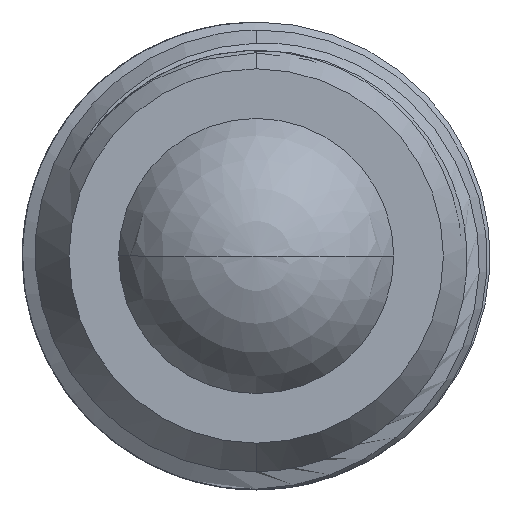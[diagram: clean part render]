
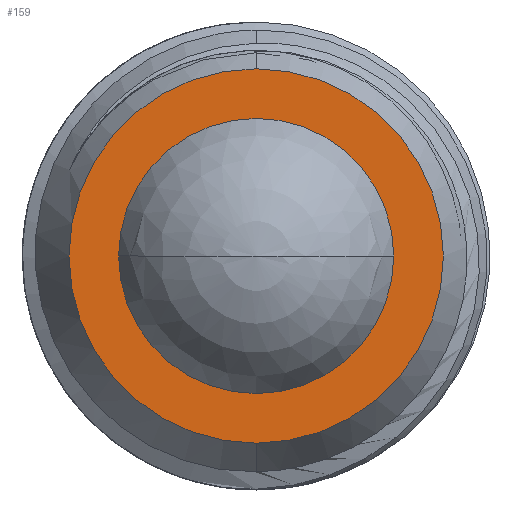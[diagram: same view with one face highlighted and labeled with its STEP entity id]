
A CAD part, left-side view. The second image highlights one B-rep face of the part: STEP entity #159.
In plain terms, the highlighted planar face has unit normal (-1, 0, 0).
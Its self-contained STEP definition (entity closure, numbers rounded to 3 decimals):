
#159=ADVANCED_FACE('',(#338,#339),#340,.F.);
#338=FACE_BOUND('',#3782,.T.);
#339=FACE_OUTER_BOUND('',#3783,.T.);
#340=PLANE('',#3784);
#3782=EDGE_LOOP('',(#5387,#5388,#5389));
#3783=EDGE_LOOP('',(#5390,#5391));
#3784=AXIS2_PLACEMENT_3D('',#5392,#5393,#5394);
#5387=ORIENTED_EDGE('',*,*,#5771,.F.);
#5388=ORIENTED_EDGE('',*,*,#5772,.F.);
#5389=ORIENTED_EDGE('',*,*,#5753,.F.);
#5390=ORIENTED_EDGE('',*,*,#5739,.T.);
#5391=ORIENTED_EDGE('',*,*,#5738,.T.);
#5392=CARTESIAN_POINT('',(0.988,2.0,0.0));
#5393=DIRECTION('',(1.0,0.0,0.0));
#5394=DIRECTION('',(0.0,0.0,-1.0));
#5738=EDGE_CURVE('',#6148,#6152,#6154,.T.);
#5739=EDGE_CURVE('',#6152,#6148,#6155,.T.);
#5753=EDGE_CURVE('',#6177,#6180,#6181,.T.);
#5771=EDGE_CURVE('',#6207,#6177,#6208,.T.);
#5772=EDGE_CURVE('',#6180,#6207,#6209,.T.);
#6148=VERTEX_POINT('',#70894);
#6152=VERTEX_POINT('',#70964);
#6154=CIRCLE('',#70967,2.0);
#6155=CIRCLE('',#70968,2.0);
#6177=VERTEX_POINT('',#71264);
#6180=VERTEX_POINT('',#71267);
#6181=CIRCLE('',#71268,1.47);
#6207=VERTEX_POINT('',#72733);
#6208=CIRCLE('',#72734,1.47);
#6209=CIRCLE('',#72735,1.47);
#70894=CARTESIAN_POINT('',(0.988,0.,-2.0));
#70964=CARTESIAN_POINT('',(0.988,0.0,2.0));
#70967=AXIS2_PLACEMENT_3D('',#73264,#73265,#73266);
#70968=AXIS2_PLACEMENT_3D('',#73267,#73268,#73269);
#71264=CARTESIAN_POINT('',(0.988,1.47,0.));
#71267=CARTESIAN_POINT('',(0.988,-1.47,0.));
#71268=AXIS2_PLACEMENT_3D('',#73283,#73284,#73285);
#72733=CARTESIAN_POINT('',(0.988,0.0,1.47));
#72734=AXIS2_PLACEMENT_3D('',#73308,#73309,#73310);
#72735=AXIS2_PLACEMENT_3D('',#73311,#73312,#73313);
#73264=CARTESIAN_POINT('',(0.988,0.0,0.0));
#73265=DIRECTION('',(-1.0,0.0,0.0));
#73266=DIRECTION('',(0.0,0.0,1.0));
#73267=CARTESIAN_POINT('',(0.988,0.0,0.0));
#73268=DIRECTION('',(-1.0,0.0,0.0));
#73269=DIRECTION('',(0.0,0.0,1.0));
#73283=CARTESIAN_POINT('',(0.988,0.0,0.0));
#73284=DIRECTION('',(-1.0,0.0,0.0));
#73285=DIRECTION('',(0.0,0.0,1.0));
#73308=CARTESIAN_POINT('',(0.988,0.0,0.0));
#73309=DIRECTION('',(-1.0,0.0,0.0));
#73310=DIRECTION('',(0.0,0.0,1.0));
#73311=CARTESIAN_POINT('',(0.988,0.0,0.0));
#73312=DIRECTION('',(-1.0,0.0,0.0));
#73313=DIRECTION('',(0.0,0.0,1.0));

**About this task**
The entries above hold a line with "#5739=EDGE_CURVE('',#6152,#6148,#6155,.T.);" and a later line with "#6177=VERTEX_POINT('',#71264);". Write out exactly those lines and all lines between, nothing more.

**Your response**
#5739=EDGE_CURVE('',#6152,#6148,#6155,.T.);
#5753=EDGE_CURVE('',#6177,#6180,#6181,.T.);
#5771=EDGE_CURVE('',#6207,#6177,#6208,.T.);
#5772=EDGE_CURVE('',#6180,#6207,#6209,.T.);
#6148=VERTEX_POINT('',#70894);
#6152=VERTEX_POINT('',#70964);
#6154=CIRCLE('',#70967,2.0);
#6155=CIRCLE('',#70968,2.0);
#6177=VERTEX_POINT('',#71264);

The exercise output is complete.